What you return should match the entries below exactly, only without the images.
· · ·
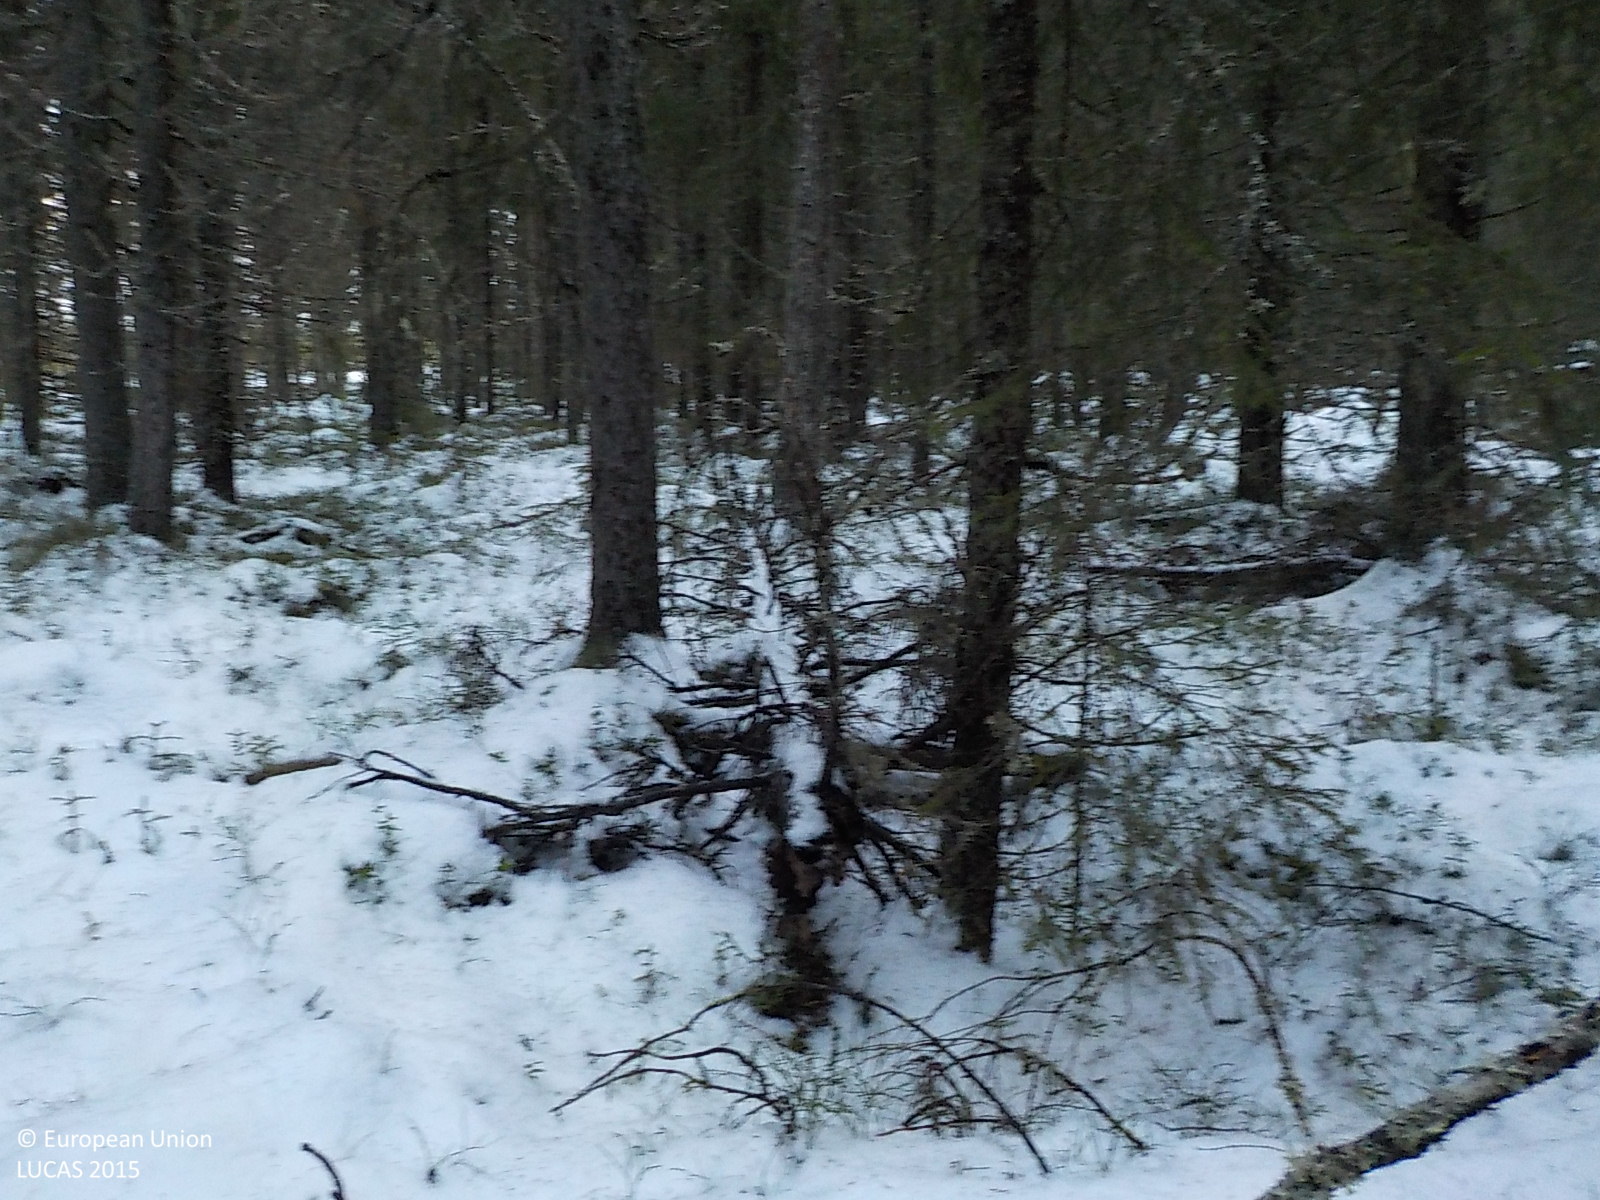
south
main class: Woodland
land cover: Spruce dominated coniferous woodland
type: boreal forest
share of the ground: > 75 %
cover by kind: coniferous forest trees 75 %, shrubs 10 %, broadleaved forest trees 5 %, herbaceous plants 5 %, lichens and mosses 5 %
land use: Forestry
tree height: > 5 m
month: December
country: SE
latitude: 63.5150
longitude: 16.6664
· · ·
### Answer space
south
main class: Woodland
land cover: Spruce dominated coniferous woodland
type: boreal forest
share of the ground: > 75 %
cover by kind: coniferous forest trees 75 %, shrubs 10 %, broadleaved forest trees 5 %, herbaceous plants 5 %, lichens and mosses 5 %
land use: Forestry
tree height: > 5 m
month: December
country: SE
latitude: 63.5150
longitude: 16.6664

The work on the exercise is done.